[Records from a data collection]
———
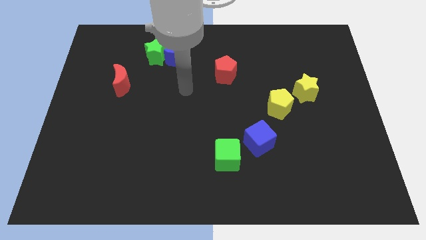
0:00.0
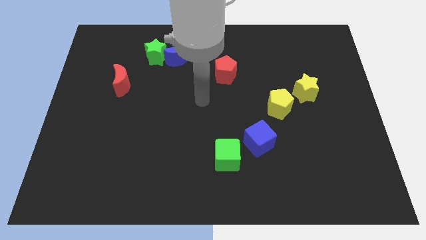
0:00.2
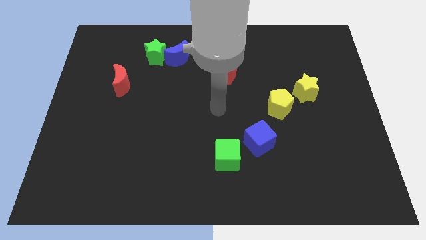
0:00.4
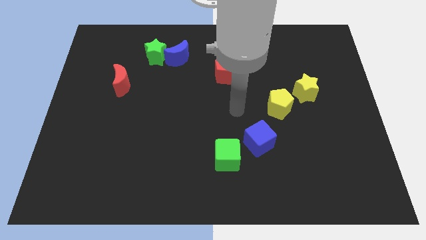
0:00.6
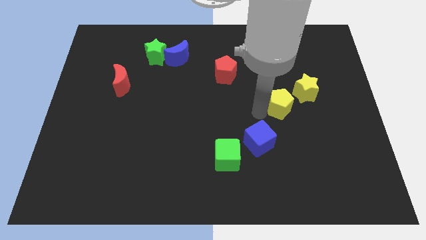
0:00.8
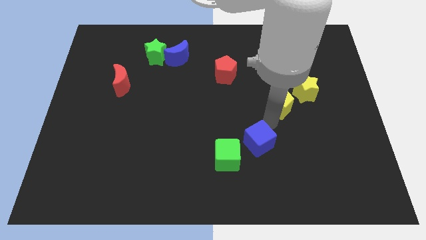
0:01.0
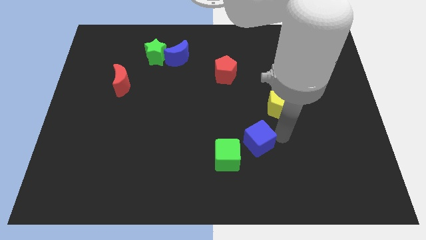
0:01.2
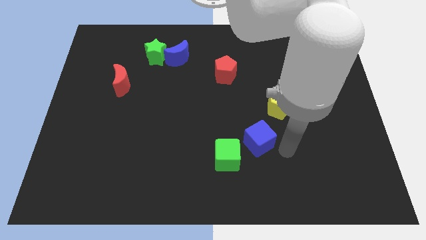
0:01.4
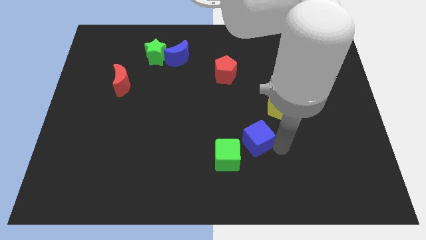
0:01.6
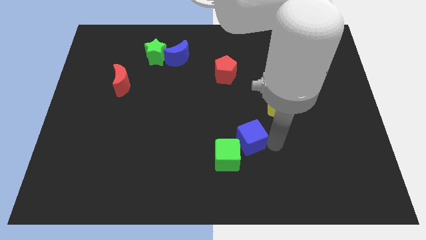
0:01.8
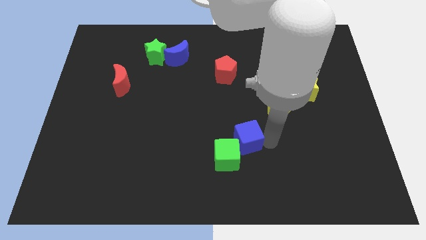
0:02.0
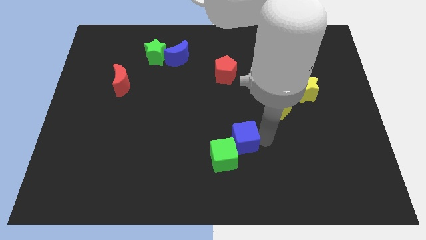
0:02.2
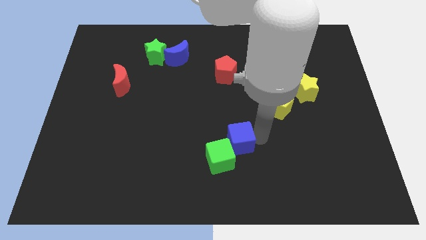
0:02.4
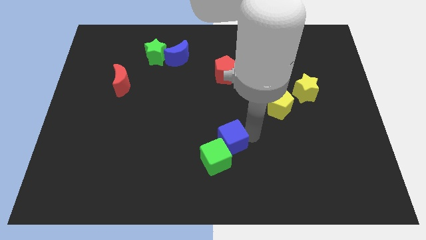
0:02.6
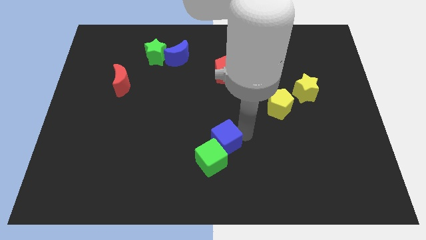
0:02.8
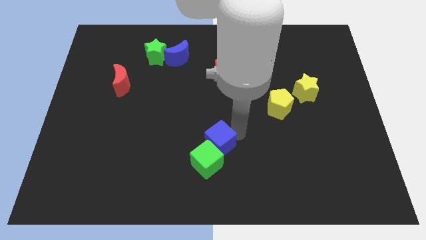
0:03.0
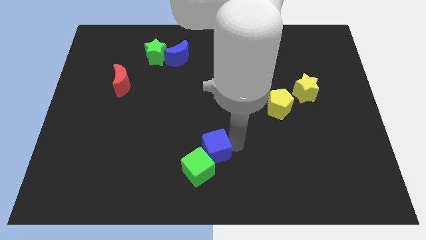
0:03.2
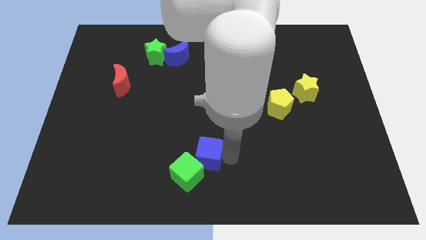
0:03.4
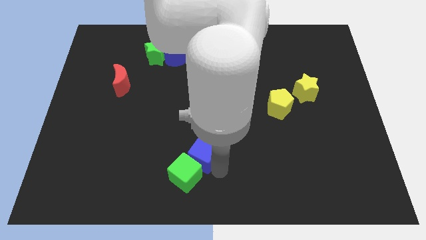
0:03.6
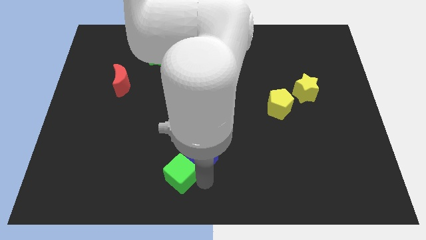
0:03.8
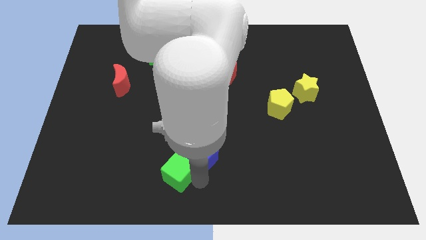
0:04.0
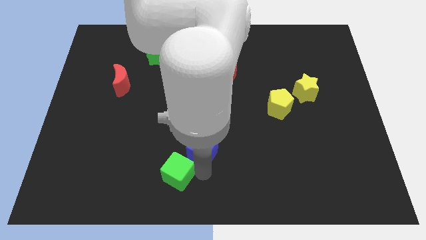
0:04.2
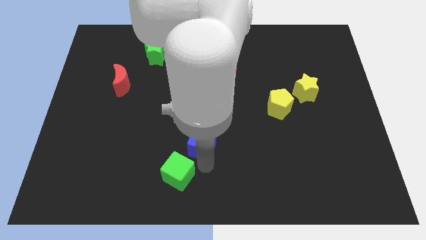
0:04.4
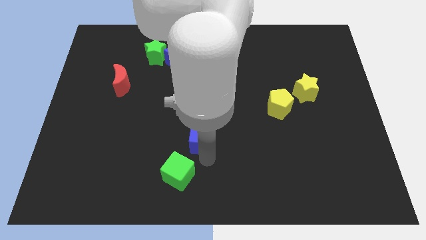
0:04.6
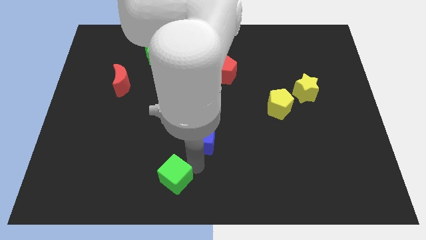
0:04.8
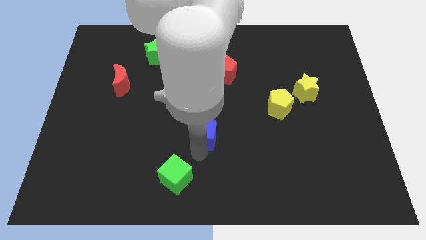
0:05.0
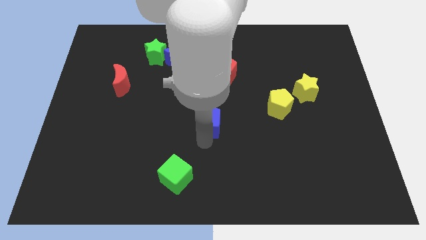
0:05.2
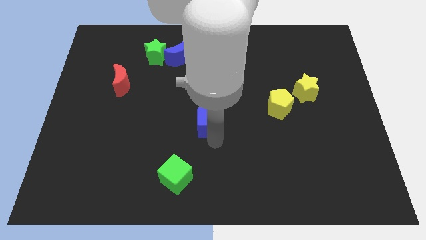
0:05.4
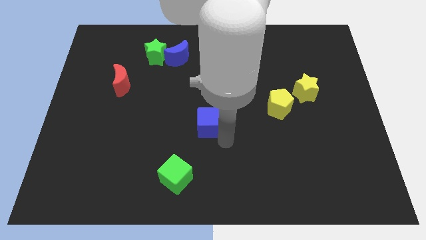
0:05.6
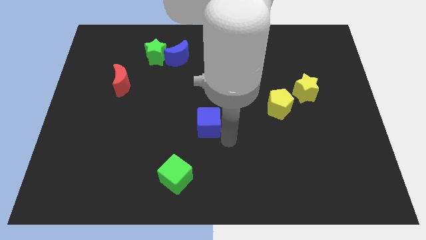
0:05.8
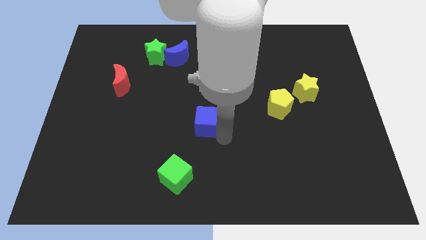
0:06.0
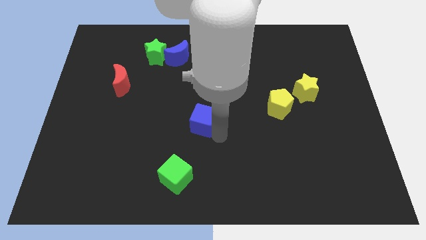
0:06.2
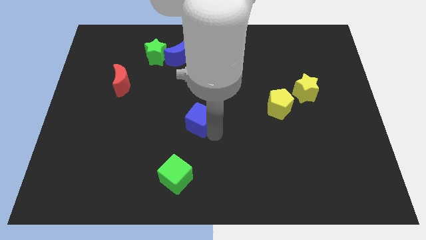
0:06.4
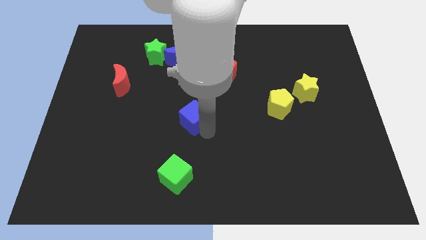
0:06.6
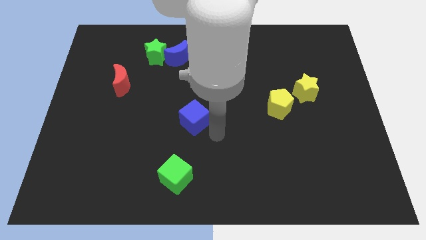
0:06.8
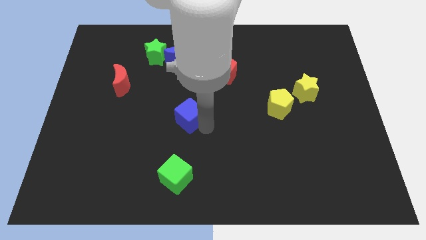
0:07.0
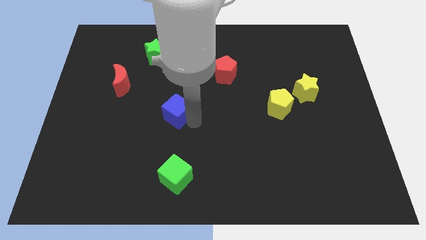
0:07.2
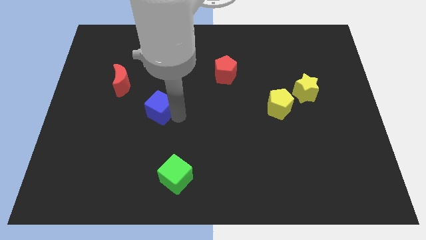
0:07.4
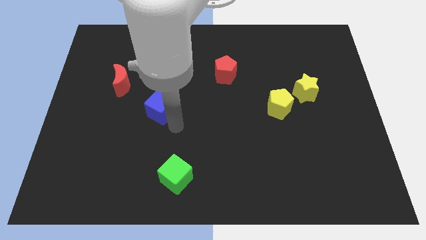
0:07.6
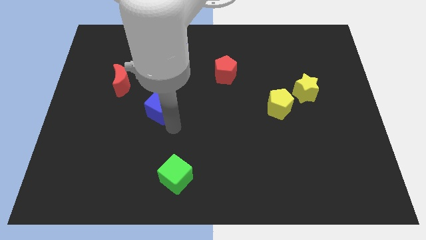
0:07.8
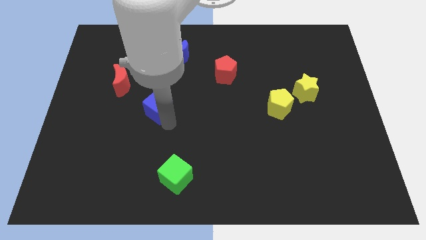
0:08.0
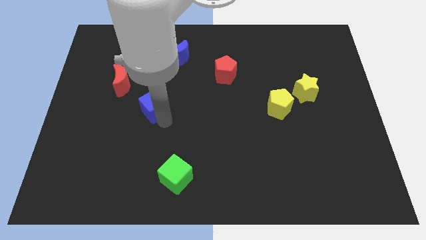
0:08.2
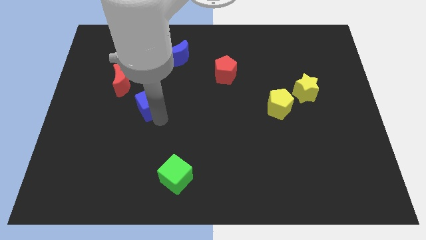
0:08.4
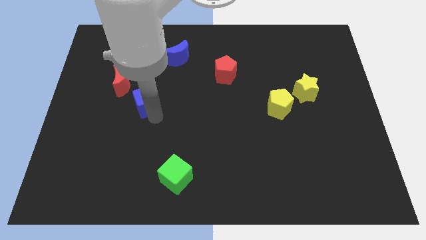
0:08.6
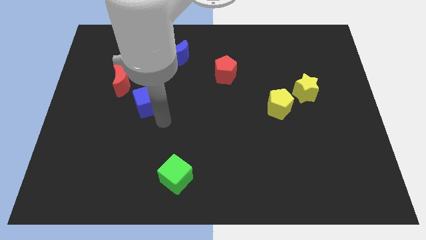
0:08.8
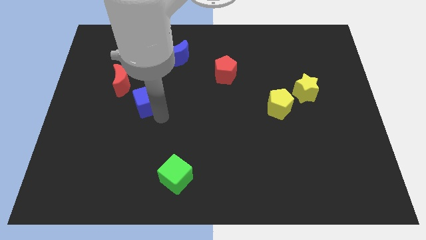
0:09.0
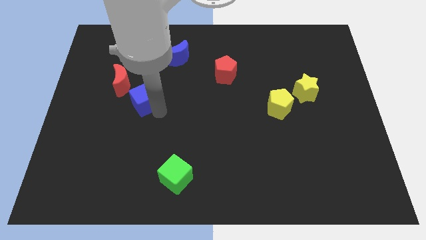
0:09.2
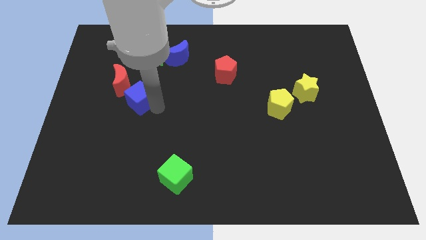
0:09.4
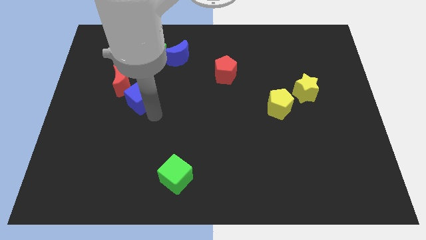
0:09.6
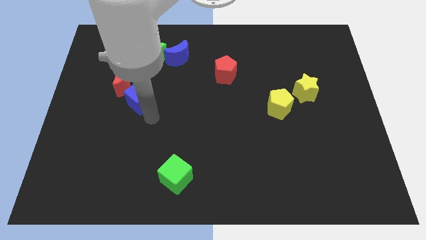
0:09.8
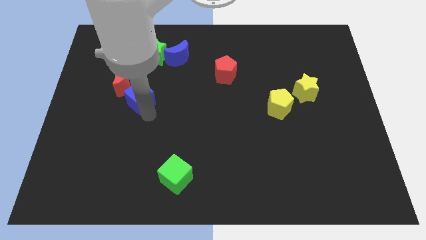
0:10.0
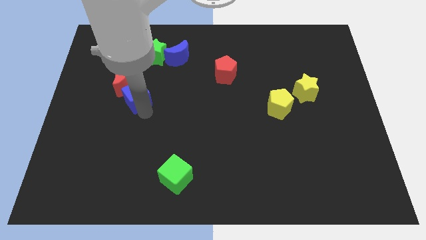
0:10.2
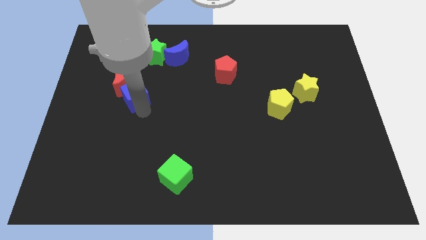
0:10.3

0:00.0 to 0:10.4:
move the blue cube to the red moon
———
Aim of the task> Skip the pictures, then return the rest of the data exactly.

Answer to this task>
0:00.0
0:00.2
0:00.4
0:00.6
0:00.8
0:01.0
0:01.2
0:01.4
0:01.6
0:01.8
0:02.0
0:02.2
0:02.4
0:02.6
0:02.8
0:03.0
0:03.2
0:03.4
0:03.6
0:03.8
0:04.0
0:04.2
0:04.4
0:04.6
0:04.8
0:05.0
0:05.2
0:05.4
0:05.6
0:05.8
0:06.0
0:06.2
0:06.4
0:06.6
0:06.8
0:07.0
0:07.2
0:07.4
0:07.6
0:07.8
0:08.0
0:08.2
0:08.4
0:08.6
0:08.8
0:09.0
0:09.2
0:09.4
0:09.6
0:09.8
0:10.0
0:10.2
0:10.3

0:00.0 to 0:10.4:
move the blue cube to the red moon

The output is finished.